Zhen, em comentário a republicação do artigo clássico de Hill e Robertson, afirma que (como mais tarde explicara o biólogo evolutivo Joe Felsenstein, em 1974), a seleção ao agir sobre um locus iria aumentar a deriva genética em um outro locus ligado ao primeiro ao distorcer a segregação dos alelos na próxima geração [5]. Assim, aqueles alelos em um pano de fundo genético favorável - isto é, associados com alelos de outros loci que não estejam sob seleção negativa ou sobre pelo menos sob menor intensidade da mesma - tenderiam a deixar mais descendentes (mais, até mesmo, do que que o esperado pela seleção natural positiva agindo diretamente no fenótipo associado ao locus em questão) do que os que estivessem associados com um pano de fundo genético pior, que deixariam menos descendentes. Isso, por sua vez, levaria ao aumento da deriva genética aleatória no locus ao reduzir o tamanho da população efetiva (Ne) para o locus e, desta maneira, a taxa de resposta a seleção natural e a probabilidade de fixação (sua chance de chegar a 100% na população ao longo de várias gerações) do outro locus ligado ao primeiro. Então, quanto maior fosse a ligação entre os loci mais significante seria a redução no tamanho da população efetivo e na resposta à seleção. Esse efeito (IHR) é muito similar a ‘catraca de Muller’, sobre a qual já comentei em resposta do tumblr, que prevê o maior acumulo de mutações desvantajosas em populações sem recombinação, já que ambos IHR e a 'catraca de Muller' apontam para o fato de haver uma vantagem intrínseca na recombinação, ao quebrar o chamado desequilíbrio de ligação negativo entre genes que foi gerado pela seleção natural e deriva, aumentando assim com a taxa de adaptação [5]. Em franco contraste, mutações no DNA prejudiciais rapidamente se acumulam em regiões com pouca ou nenhuma recombinação, tornando a espécie mais suscetível aos seus efeitos.
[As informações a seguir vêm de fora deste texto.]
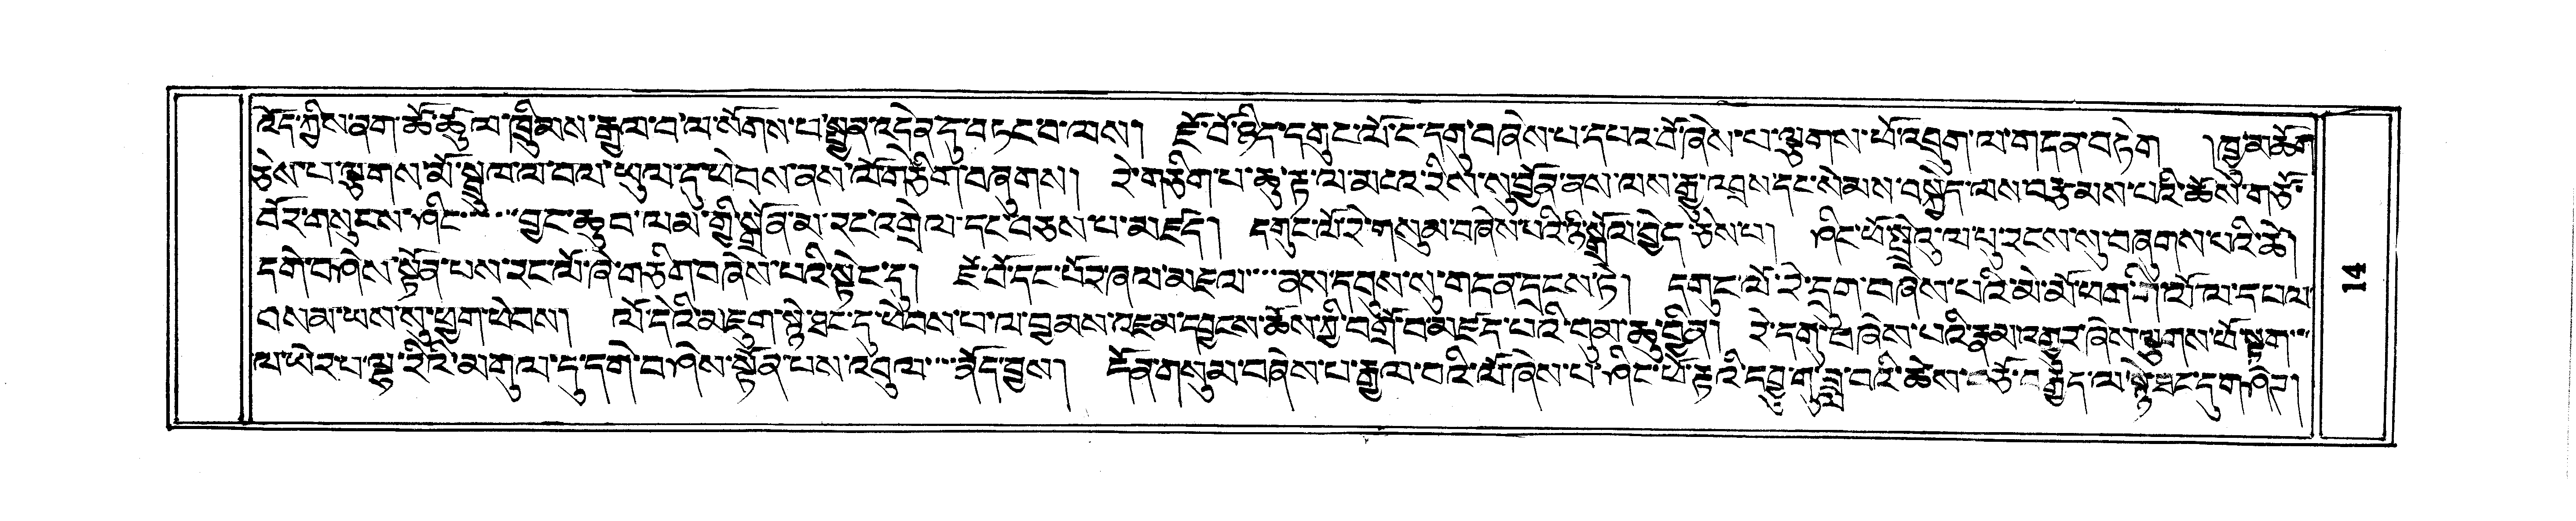འོད་ཀྱིས་ནག་ཚོ་ཚུལ་ཁྲིམས་རྒྱལ་བ་ལ་སོགས་པ་སྤྱན་འདེན་དུ་བཏང་བ་ལས། ཇོ་བོ་ཉིད་དགུང་ལོ་ང་དགུ་བཞེས་པ་དཔའ་བོ་ཞེས་པ་ལྕགས་ཕོ་འབྲུག་ལ་གདན་བཏེག །ཁྱུ་མཆོག་
ཅེས་པ་ལྕགས་མོ་སྦྲུལ་ལ་བལ་ཡུལ་དུ་ཕེབས་ནས་ལོ་གཅིག་བཞུགས། རེ་གཅིག་པ་ཆུ་རྟ་ལ་མངའ་རིས་སུ་བྱོན་ནས་ལས་རྒྱུ་འབྲས་དང་སེམས་བསྐྱེད་ལས་བརྩམས་པའི་ཆོས་གཙོ་
བོར་གསུངས་ཤིང་བྱང་ཆུབ་ལམ་གྱི་སྒྲོན་མ་རང་འགྲེལ་དང་བཅས་པ་མཛད། དགུང་ལོ་རེ་གསུམ་བཞེས་པའི་ཉི་སྒྲོལ་བྱེད་ཅེས་པ། ཤིང་ཕོ་སྤྲེའུ་ལ་པུ་རངས་སུ་བཞུགས་པའི་ཚེ།
དགེ་བཤེས་སྟོན་པས་རང་ལོ་ཞེ་གཅིག་བཞེས་པའི་སྟེང་དུ། ཇོ་བོ་དང་པོར་ཞལ་མཇལ་ནས་དབུས་སུ་གདན་དྲངས་ཏེ། དགུང་ལོ་རེ་དྲུག་བཞེས་པའི་མེ་མོ་ཕག་གི་ལོ་ལ་དཔལ་
བསམ་ཡས་སུ་ཕྱག་ཕེབས། ལོ་དེའི་མཇུག་སྙེ་ཐང་དུ་ཕེབས་པ་ལ་བྱམས་འཇམ་དབྱངས་ཆོས་ཀྱི་བགྲོ་བ་མཛད་པའི་བུམ་ཆུ་བྱིན། རེ་དགུ་བཞེས་པའི་རྣམ་འགྱུར་ཞེས་ལྕགས་ཕོ་སྟག་
ལ་ཡེར་པ་ལྷ་རིའི་མགུལ་དུ་དགེ་བཤེས་སྟོན་པས་འབུལ་ནོད་བྱས། དོན་གསུམ་བཞེས་པ་རྒྱལ་བའི་ལོ་ཞེས་པ་ཤིང་ཕོ་རྟའི་དབྱུ་གུ་ཟླ་བའི་ཚེས་བཅོ་བརྒྱད་ལ་སྙེ་ཐང་དུ་གཤེཌ།

Asim, a longo prazo, a recombinação genética (possibilitada pela reprodução sexual, por exemplo) poderia facilitar a eliminação de mutações desfavoráveis de maneira mais efetiva mesmo em condições menos restritivas que as assumidas por Kondrashov.
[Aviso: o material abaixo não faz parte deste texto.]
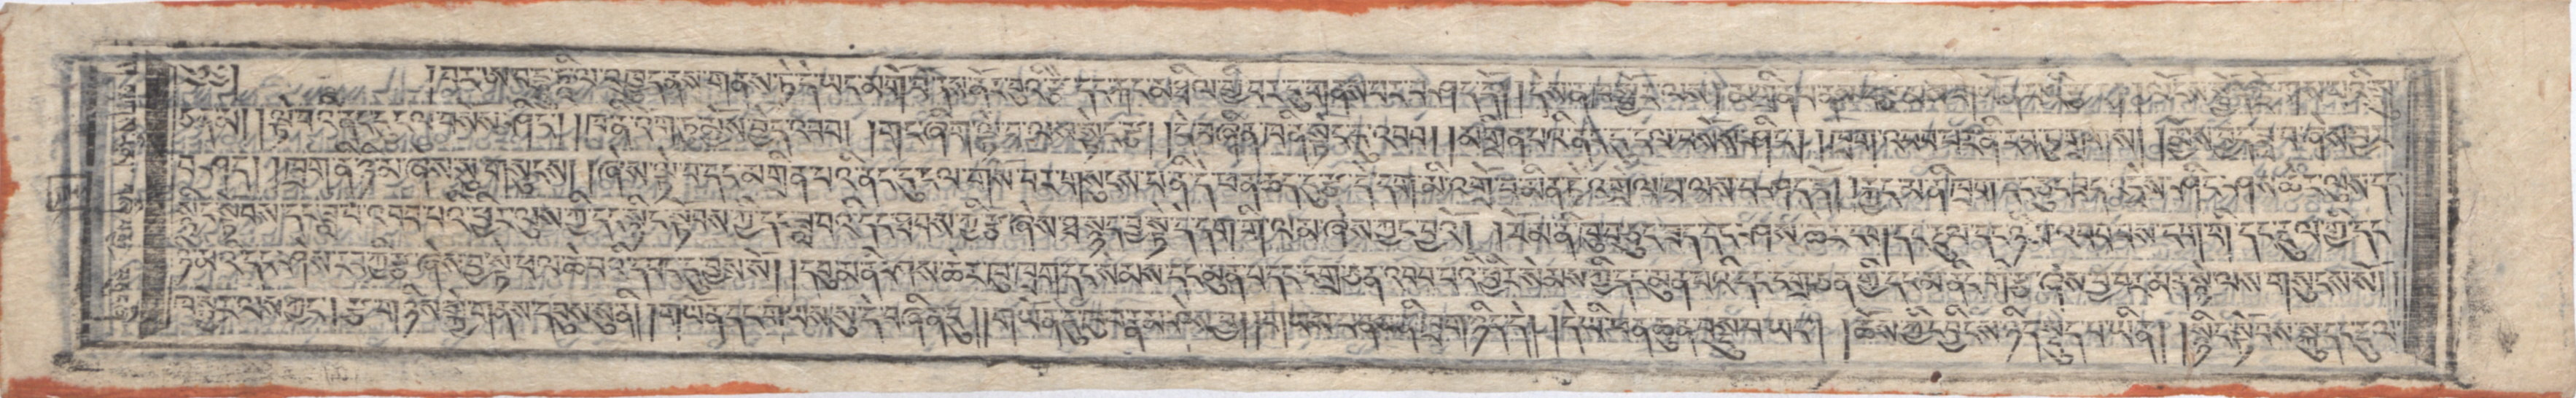༄༅། །བར་ཨ་བ་དྷཱུ་ཏཱི་ལ་འཁྱུད་ནས་གནས་ཏེ་དེ་ཡང་མགོ་བོ་ནས་ནོར་བུའི་རྩེ་དང་རྐང་མཐིལ་གྱི་བར་དུ་གནས་པར་བཤད་དོ། །དེས་ན་ཁ་སྦྱོར་ལས། མགྲིན་པ་ནས་བརྩམས་གཡོན་པའི་རྩར། །ལོངས་སྤྱོད་རྫོགས་པའི་སྐུ་
ཅན་མ། །ལྟེ་བའི་ནང་དུ་ངལ་བསོས་ཤིང་། །ཁ་ནི་འོག་ཏུ་མྱོས་བྱེད་འབབ། །གང་ཞིག་ལྟེ་བ་ལས་སྟེང་རྩ། །དེ་བཞིན་ཁ་ནི་སྟེང་དུ་འབབ། །མགྲིན་པའི་ནང་དུ་ངལ་བསོས་ཤིང་། །ཁྲག་འབབ་པར་ནི་རབ་ཏུ་གྲགས། །མྱོས་བྱེད་ཟླ་བ་ཞེས་བྱར་
བཤད། །ཁྲག་ནི་ཉི་མ་ཞེས་སུ་གསུངས། །ཞེས་ལྟེ་བ་དང་མགྲིན་པའི་ནང་དུ་ངལ་གསོ་བར་གསུངས་པ་ནི་དེ་ཕན་ཆད་དུ་རྩ་དེ་དག་མི་འགྲོ་བ་མིན་ཏེ་འགྲེལ་པ་ལས་བཤད་དོ། །རྐྱང་མ་ནི་ཁྲག་དང་ཅུང་ཟད་འདྲེས་ཤིང་ཤས་ཆེར་ལུས་དང་
སྙིང་སྟོབས་དང་ཟླ་བ་འབབ་པའི་ཕྱིར་ལུས་ཀྱི་དང་སྙིང་སྟོབས་ཀྱི་དང་ཟླ་བའི་དང་ཐབས་ཀྱི་རྩ་ཞེས་ཐ་སྙད་བྱ་སྟེ་དེ་དག་གི་ལམ་ཞེས་ཀྱང་བྱའོ། །རོ་མ་ནི་ཁུ་བ་ཅུང་ཟད་དང་ཤས་ཆེར་ངག་དང་རྡུལ་དང་ཉི་མ་འབབ་པས་ངག་གི་དང་རྡུལ་གྱི་དང་
ཉི་མའི་དང་ཤེས་རབ་ཀྱི་རྩ་ཞེས་བྱ་སྟེ་ཕལ་ཆེ་བའི་དབང་དུ་བྱས་སོ། །དབུ་མ་ནི་ཤས་ཆེར་ཁུ་ཁྲག་དང་སེམས་དང་མུན་པ་དང་དགྲ་ཅན་འབབ་པའི་ཕྱིར་སེམས་ཀྱི་དང་མུན་པའི་དང་དགྲ་ཅན་གྱི་དང་མ་ནིང་གི་རྩ་ཞེས་བྱ་བར་མན་སྙེ་ལས་གསུངས་སོ། །
ཁ་སྦྱོར་ལས་ཀྱང་། རྩ་གཉིས་སྐྱེ་གནས་དབུས་སུ་ནི། །གཡོན་དང་གཡས་སུ་དེ་བཞིན་དུ། །གཡོན་དུ་ཁུ་བ་རྣམ་ཤེས་བྱ། །གཡས་པ་ནས་ནི་ཁྲག་ཉིད་དེ། །དེ་ཡི་ཕན་ཚུན་བསྡུ་བ་ཡང་། །ཆོས་ཀྱི་དབྱིངས་ཉིད་སྡུད་པ་ཡིན། །སྙིང་སྟོབས་སྐུ་དང་རྡུལ་

Um estudo bem recente conduzido por pesquisadores da Universidade de Edimburgo, na Escócia, liderado por José L. Campos, publicado na revista Genome Biology and Evolution (e que tem como autor sênior o conhecido geneticista evolutivo Brian Charlesworth), obteve evidências que a recombinação (que pode ser proporcionada pela sexo) realmente parece aumentar a eficiência da seleção natural em purgar essas mutações desfavoráveis [6]***. Os cientistas alcançaram estes resultados ao analisarem os efeitos evolutivos de recombinação reduzida no genoma de Drosophila melanogaster concentrando-se em mais de 200 novos genes que não sofrem o crossing-over e empregando uma busca por ortólogos novos entre espécies do subgrupo melanogaster.
Os biólogos evolutivos utilizaram um conjunto de dados formado por cerca de 10.000 genes de D. melanogaster que foram comparados com seus respectivos ortólogos na espécie próxima D. yakuba, com o intuito de examinar os efeitos do 'ambiente recombinacional' nas taxas e padrões de evolução em genes que codificam proteínas e sobre várias medidas de adaptação ao nível molecular.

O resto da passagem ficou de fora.